Hypoplastic Left Heart Syndrome

http://radiographics.rsna.org/content/21/3/705.full
Dianna M. E. Bardo, MD ; David G. Frankel, MD ; Kimberly E. Applegate, MD ; Daniel J. Murphy, MD ; Russel P. Saneto, DO, PhD

1 From the Departments of Radiology (D.M.E.B., D.G.F.), Pediatric Cardiology (D.J.M.), and Pediatric Neurology (R.P.S.), Cleveland Clinic Foundation and Children’s Hospital, 9500 Euclid Ave, Cleveland, OH 44195; and the Department of Radiology, University Hospital, Cleveland, Ohio (K.E.A.). Recipient of a Certificate of Merit award for a scientific exhibit at the 1998 RSNA scientific assembly. Received March 19, 1999; revision requested May 18 and final revision received August 24; accepted August 24.

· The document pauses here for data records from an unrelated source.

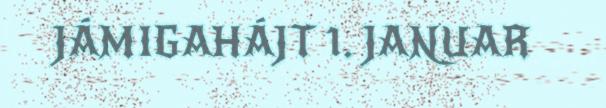
JÁMIGAHÁJT 1. JANUAR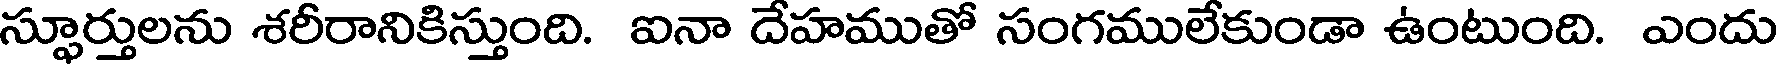
స్ఫూర్తులను శరీరానికిస్తుంది. ఐనా దేహముతో సంగములేకుండా ఉంటుంది. ఎందు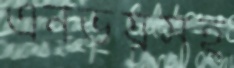
এনভয়সহ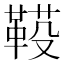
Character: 𩋐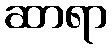
ဆာရာ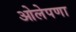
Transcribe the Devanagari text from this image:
ओलेपणा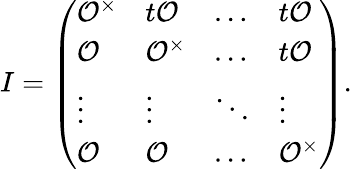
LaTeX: I=\left(\begin{array}{llll}{\mathcal{O}^{\times}}&{t\mathcal{O}}&{\dots}&{t\mathcal{O}}\\ {\mathcal{O}}&{\mathcal{O}^{\times}}&{\dots}&{t\mathcal{O}}\\ {\vdots}&{\vdots}&{\ddots}&{\vdots}\\ {\mathcal{O}}&{\mathcal{O}}&{\dots}&{\mathcal{O}^{\times}}\end{array}\right).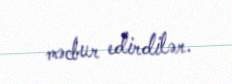
məcbur edirdilər.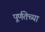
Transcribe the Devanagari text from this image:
पूर्णतेच्या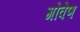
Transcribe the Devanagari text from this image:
गोवेण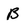
Character: B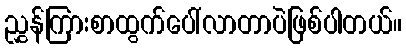
ညွှန်ကြားစာထွက်ပေါ်လာတာပဲဖြစ်ပါတယ်။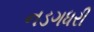
નડગધરી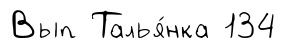
Вып Талья́нка 134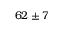
6 2 \pm 7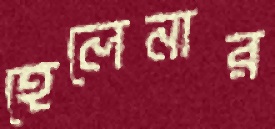
হেলেনার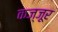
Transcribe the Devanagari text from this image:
कज्जूर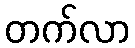
တက်လာ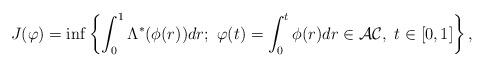
LaTeX: \begin{align*}J(\varphi)=\inf\left\{\int^{1}_{0}\Lambda^{*}(\phi(r))dr; ~\varphi(t)=\int^{t}_{0} \phi(r)dr\in \mathcal{AC},~t\in[0,1]\right\},\end{align*}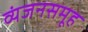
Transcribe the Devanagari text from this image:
व्यंजनसमूह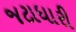
જટાધારી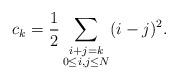
LaTeX: \begin{align*}c_k= \frac12 \sum_{\substack{i + j = k \\ 0 \leq i, j \leq N}} (i-j)^2 .\end{align*}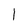
Character: 1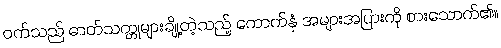
ဝက်သည် ဓာတ်သတ္တုများချို့တဲ့သည့် ကောက်နှံ အများအပြားကို စားသောက်၏။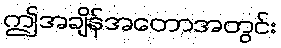
ဤအချိန်အတောအတွင်း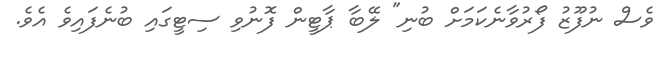
ވެސް ނުފޫޒު ފޯރުވާނެކަމަށް ބުނި" ލޭބާ ޕާޓީން ފޮނުވި ސިޓީގައި ބުނެފައިވެ އެވެ.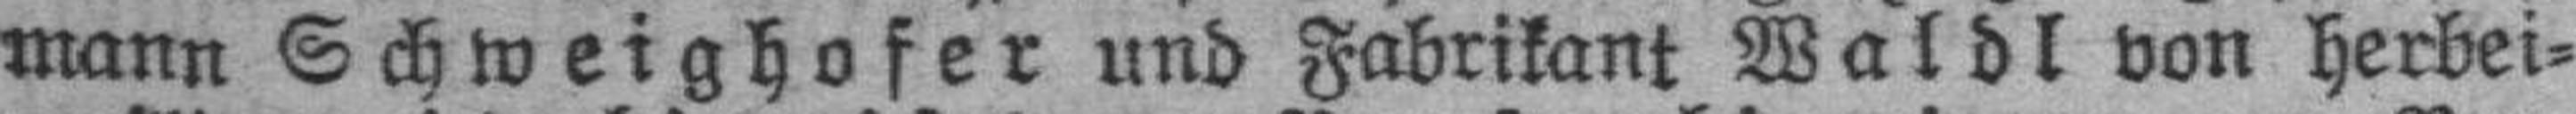
mann Schweighofer und Fabrikant Waldl von herbei¬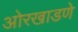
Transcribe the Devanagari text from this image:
ओरखाडणे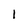
Character: I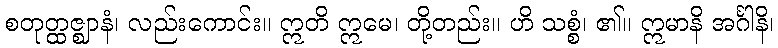
စတုတ္ထဇ္ဈာနံ၊ လည်းကောင်း။ ဣတိ ဣမေ၊ တို့တည်း။ ဟိ သစ္စံ၊ ၏။ ဣမာနိ အင်္ဂါနိ၊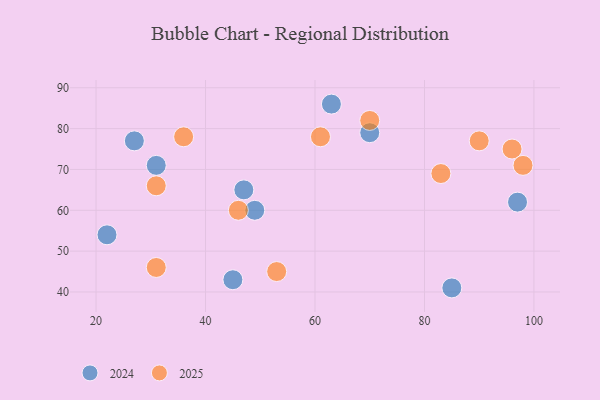
{"axis": {"x": "GDP", "y": "Life Expectancy"}, "legend": ["2024", "2025"], "data": [{"x": "97", "y": 62, "type": "2024"}, {"x": "49", "y": 60, "type": "2024"}, {"x": "27", "y": 77, "type": "2024"}, {"x": "47", "y": 65, "type": "2024"}, {"x": "31", "y": 71, "type": "2024"}, {"x": "63", "y": 86, "type": "2024"}, {"x": "22", "y": 54, "type": "2024"}, {"x": "85", "y": 41, "type": "2024"}, {"x": "45", "y": 43, "type": "2024"}, {"x": "70", "y": 79, "type": "2024"}, {"x": "90", "y": 77, "type": "2025"}, {"x": "83", "y": 69, "type": "2025"}, {"x": "31", "y": 46, "type": "2025"}, {"x": "31", "y": 66, "type": "2025"}, {"x": "70", "y": 82, "type": "2025"}, {"x": "46", "y": 60, "type": "2025"}, {"x": "53", "y": 45, "type": "2025"}, {"x": "36", "y": 78, "type": "2025"}, {"x": "61", "y": 78, "type": "2025"}, {"x": "96", "y": 75, "type": "2025"}, {"x": "98", "y": 71, "type": "2025"}]}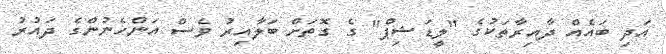
އަދި ބައެއް ދާއިރާތަކުގެ "ލީޑަޝިޕް" ގެ ގޮތަށް ބަލާއިރު ވެސް އަންހެނުންގެ ދައުރު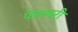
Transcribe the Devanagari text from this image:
पेंडल्बरी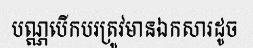
បណ្ណបើកបរត្រូវមានឯកសារដូច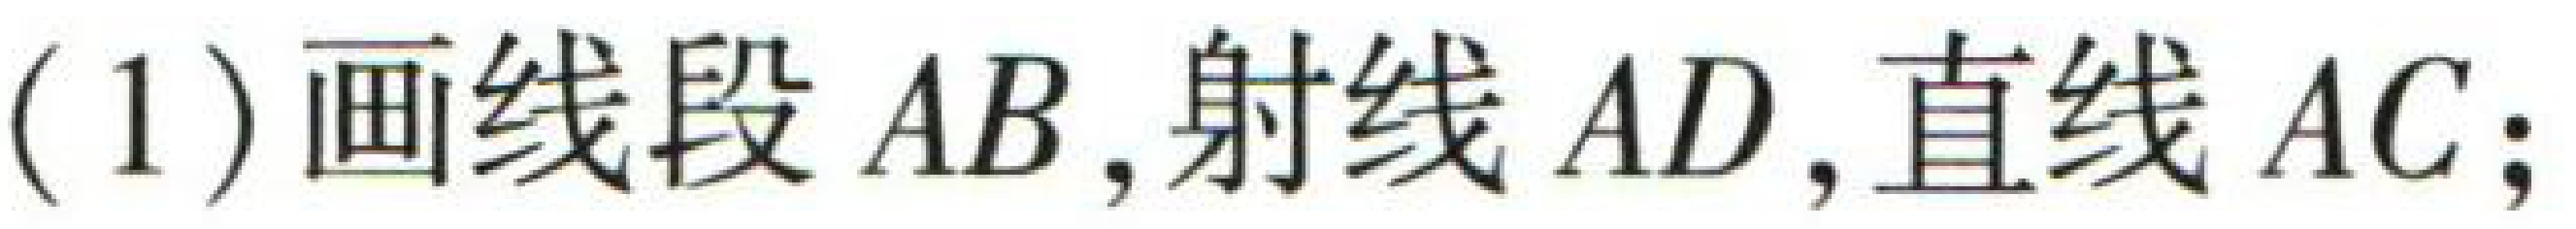
(1) 画线段 \(AB\)，射线 \(AD\)，直线 \(AC\)；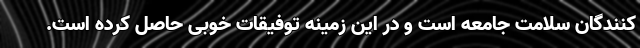
کنندگان سلامت جامعه است و در این زمینه توفیقات خوبی حاصل کرده است.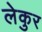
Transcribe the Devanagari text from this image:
लेकुर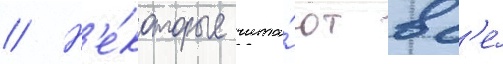
// Н'е́которые чита́ют вс'е́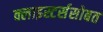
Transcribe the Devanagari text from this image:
क्लाइस्टर्ससोबत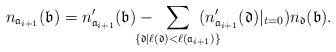
LaTeX: \begin{align*}n_{{\mathfrak{a}_{i+1}}}(\mathfrak{b})=n'_{{\mathfrak{a}_{i+1}}}(\mathfrak{b}) -\; \; \sum_{\mathclap{\{\mathfrak{d}\mid \ell(\mathfrak{d}) < \ell({\mathfrak{a}_{i+1}})\}}} \; \;(n'_{ {\mathfrak{a}_{i+1}}}(\mathfrak{d})|_{t=0})n_\mathfrak{d}(\mathfrak{b}).\end{align*}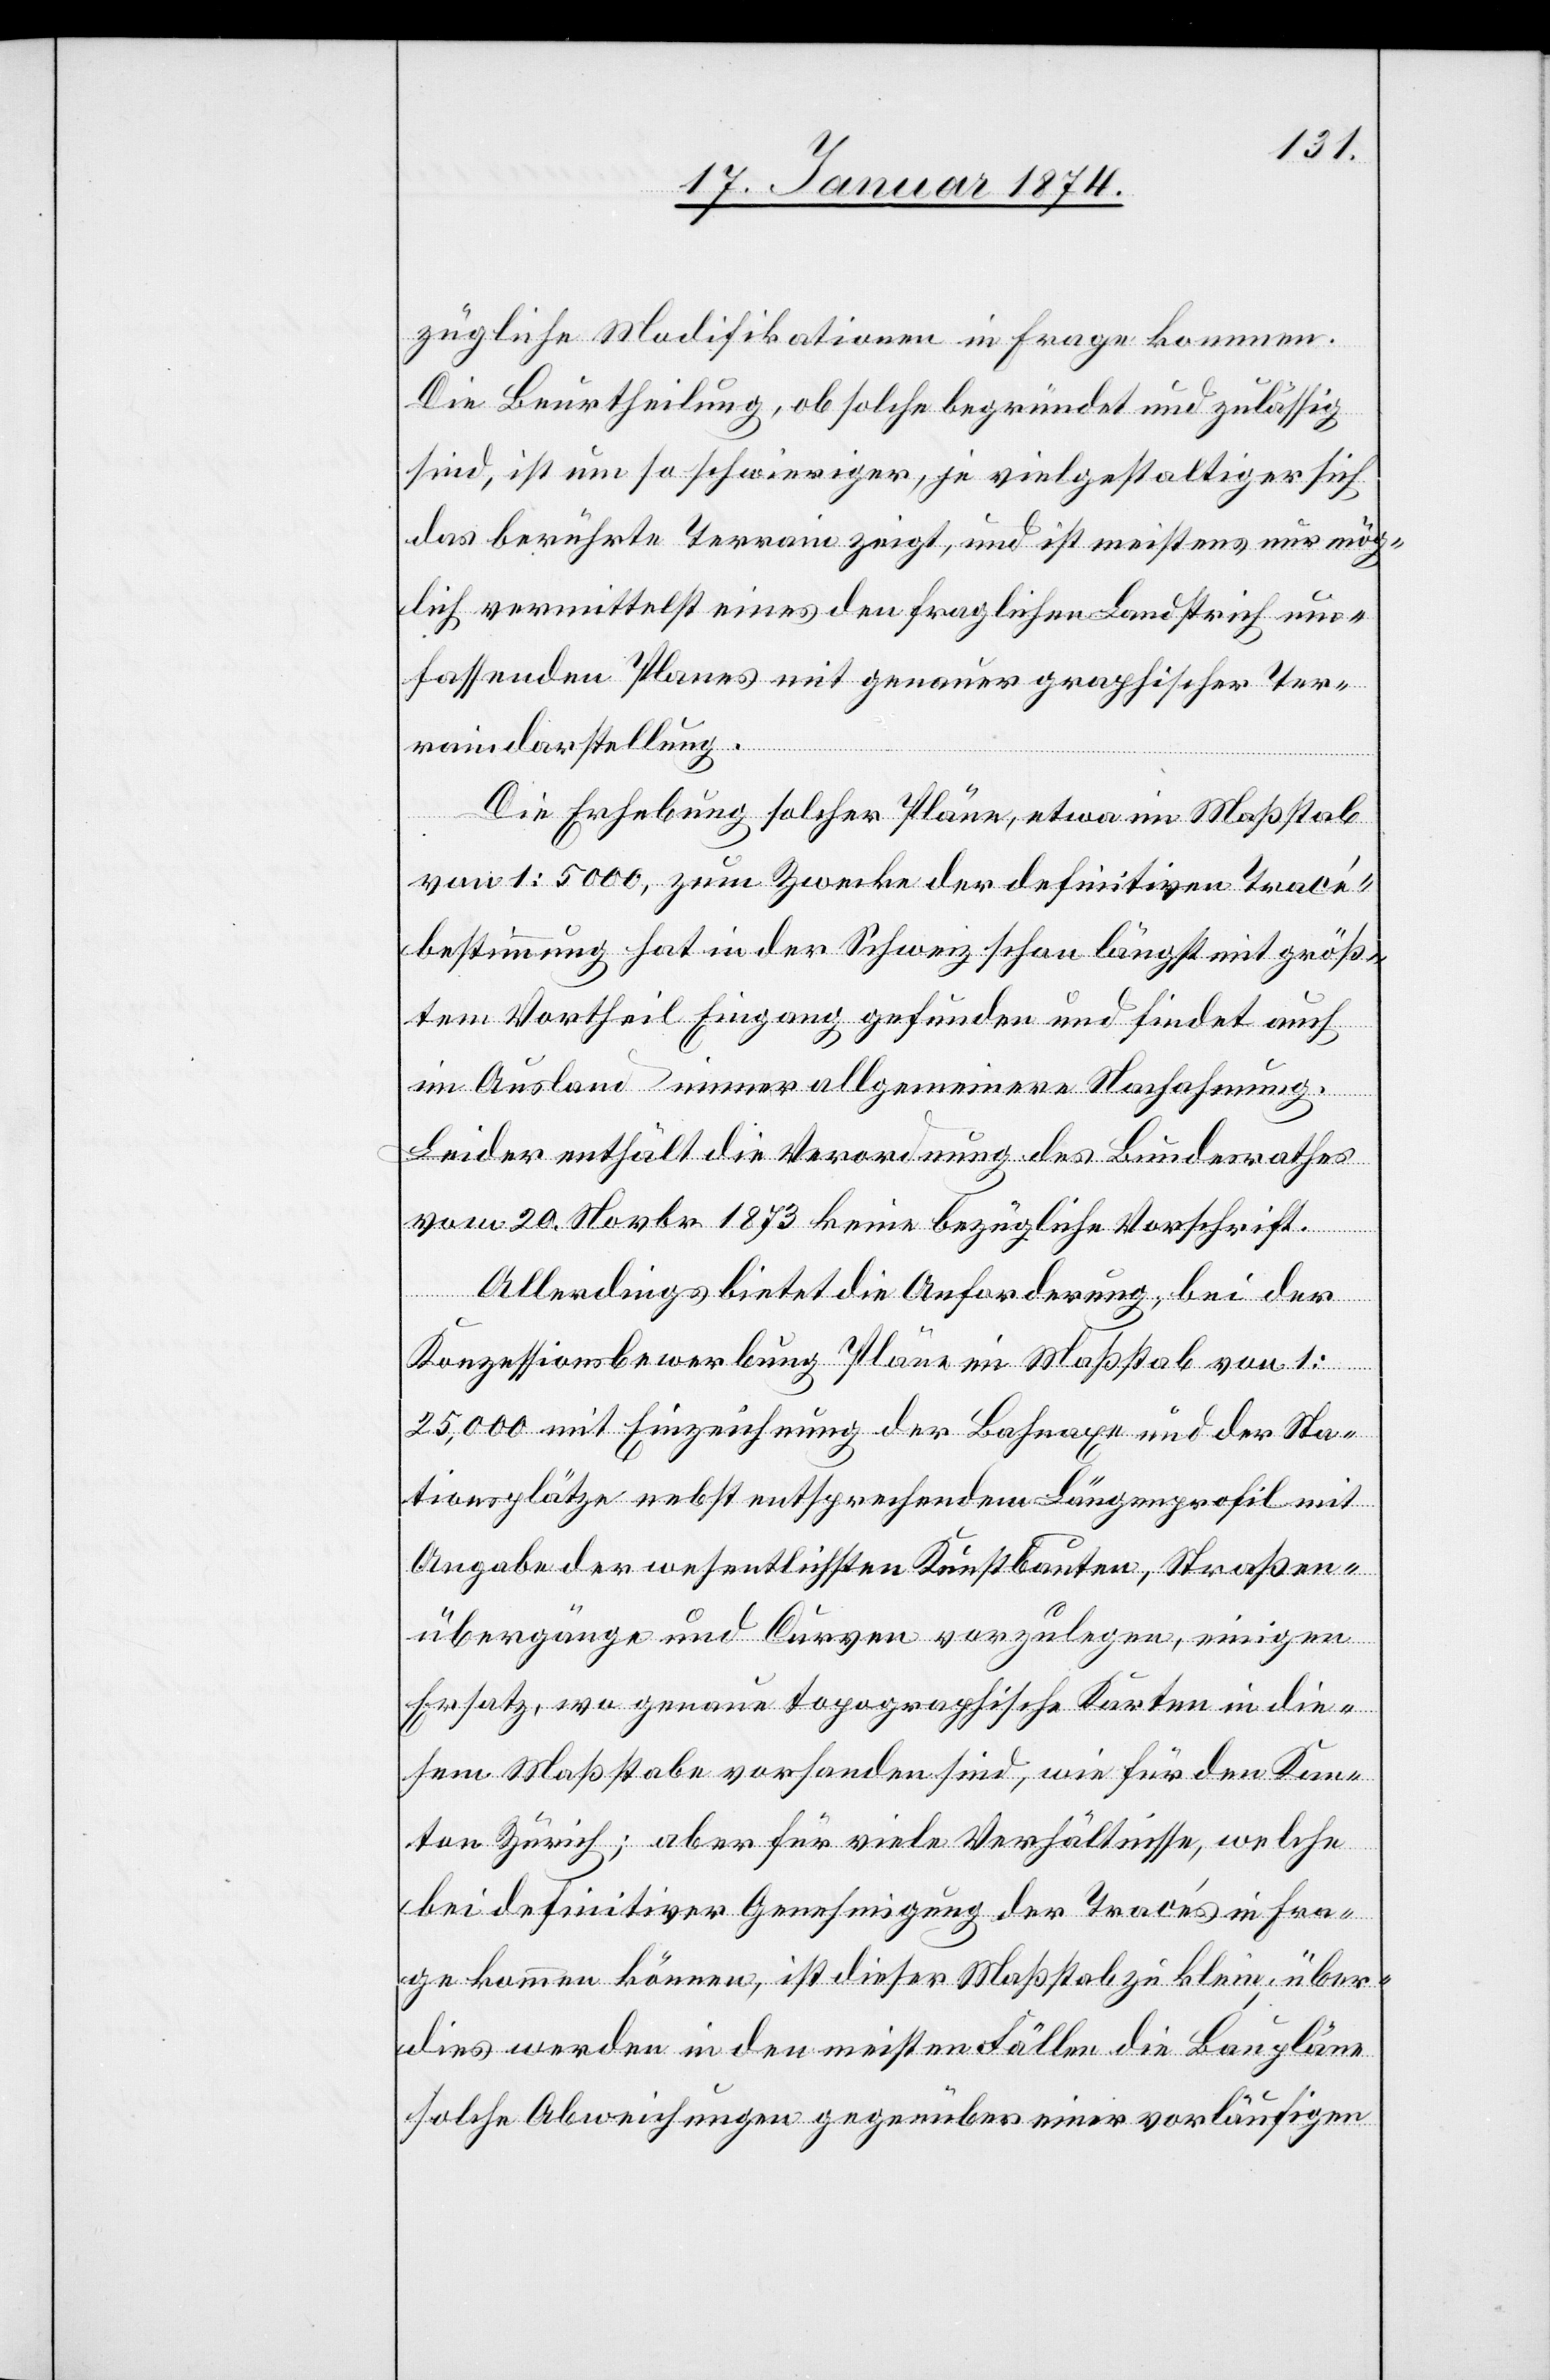
zügliche Modifikationen in Frage kommen.
Die Beurtheilung, ob solche begründet und zulässig
sind, ist um so schwieriger, je vielgestaltiger sich
das berührte Terrain zeigt, und ist meistens nur mög¬
lich vermittelst eines den fraglichen Landstrich um¬
fassenden Planes mit genauer graphischer Ter¬
raindarstellung.
Die Erhebung solcher Pläne, etwa im Maßstab
von 1:5000, zum Zwecke der definitiven Tracé¬
bestimmung hat in der Schweiz schon längst mit größ¬
tem Vortheil Eingang gefunden und findet auch
im Ausland immer allgemeine Nachahmung.
Leider enthält die Verordnung des Bundesrathes
vom 20. Novbr. 1873 keine bezügliche Vorschrift.
Allerdings bietet die Anforderung, bei der
Konzessionsbewerkung Pläne im Maßstab von
1:25,000 mit Einzeichnung der Bahnaxe und der Sta¬
tionsplätze nebst entsprechendem Längenprofil mit
Angabe der wesentlichsten Kunstbauten, Straßen¬
übergänge und Curven vorzulegen, einigen
Ersatz, wo genau topographische Karten in die¬
sem Maßstabe vorhanden sind, wie für den Kan¬
ton Zürich; aber für viele Verhältnisse, welche
bei definitiver Genehmigung der Tracés in Fra¬
ge kommen können, ist dieser Maßstab zu klein, über¬
dies werden in den meisten Fällen die Baupläne
solche Abweichungen gegenüber einer vorläufigen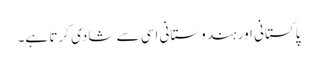
پاکستانی اور ہندوستانی اسی سے شادی کرتا ہے۔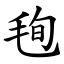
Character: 毥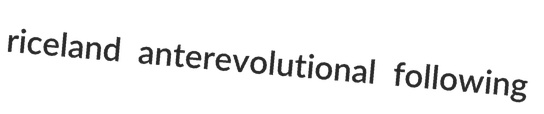
riceland anterevolutional following
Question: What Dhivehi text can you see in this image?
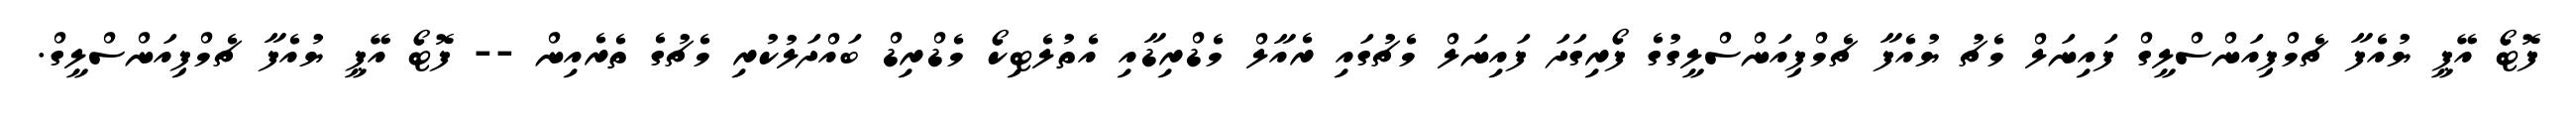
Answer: ފޮޓޯ އޭޕީ ޔުއެފާ ޗެމްޕިއަންސްލީގް ފައިނަލް މެޗު ޔުއެފާ ޗެމްޕިއަންސްލީގުގެ ފޯރިގަދަ ފައިނަލް މެޗުގައި ރެއާލް މެޑްރިޑާއި އެތުލެޓިކޯ މެޑްރިޑް ބައްދަލުކުރި މެޗުގެ ތެރެއިން -- ފޮޓޯ އޭޕީ ޔުއެފާ ޗެމްޕިއަންސްލީގް.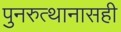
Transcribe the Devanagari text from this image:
पुनरुत्थानासही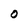
Character: 0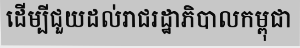
ដើម្បីជួយដល់រាជរដ្ឋាភិបាលកម្ពុជា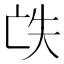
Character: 𠅎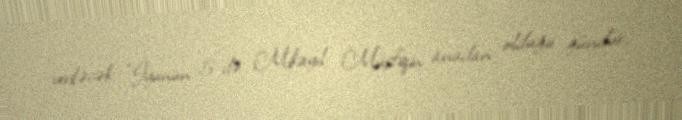
veriləcək: "İyunun 5-də Mikayıl Müşfiqin anadan olduğu gündür.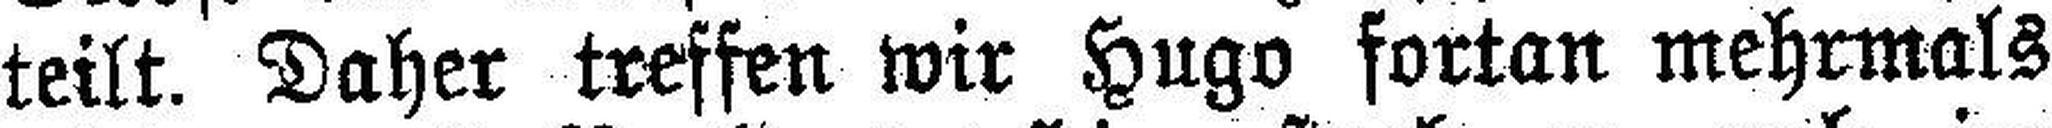
teilt. Daher treffen wir Hugo fortan mehrmals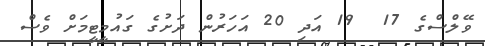
ވޭލްސްގެ 17  19 އަދި 20 އަހަރުން ދަށުގެ ގައުމީޓީމަށް ވެސް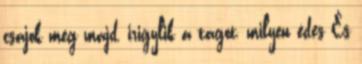
csajok meg majd, irigylik a tagot, milyen édes És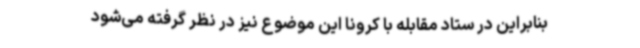
بنابراین در ستاد مقابله با کرونا این موضوع نیز در نظر گرفته می‌شود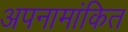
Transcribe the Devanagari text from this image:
अपनामांकित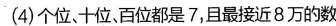
(4)个位。十位，百位都是7，且最接近8万的数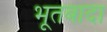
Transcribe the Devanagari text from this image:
भूतबादा

Hypoplastic left heart syndrome (HLHS) is a complex combination of cardiac malformations that probably results from multiple developmental errors in the early stages of cardiogenesis and that, if left untreated, invariably proves fatal. A variety of chest radiographic findings are seen in patients with HLHS, including an enlarged cardiac silhouette (notably a prominent right atrium), pulmonary venous hypertension, an atrial septal defect, and valvular stenosis or atresia. The recent evolution of palliative surgical procedures (modified Norwood procedure, bidirectional cavopulmonary shunt, modified Fontan procedure, aortic valvuloplasty, heart transplantation) has increased the survival rate in children with HLHS. Echocardiography allows accurate assessment of the size and location of the ductus arteriosus, the hemodynamics of the aortic root, the patency and size of the foramen ovale or atrial septal defect, and the presence of a ventricular septal defect to help determine whether surgical intervention is appropriate and, if so, to facilitate planning. Pediatric radiologists now view radiologic images obtained in patients with HLHS before surgical intervention and at important intervals during treatment. Familiarity with the malformations that characterize HLHS and the surgical procedures used to enhance postnatal survival will help pediatric radiologists provide better care for patients with this relatively common pathologic condition.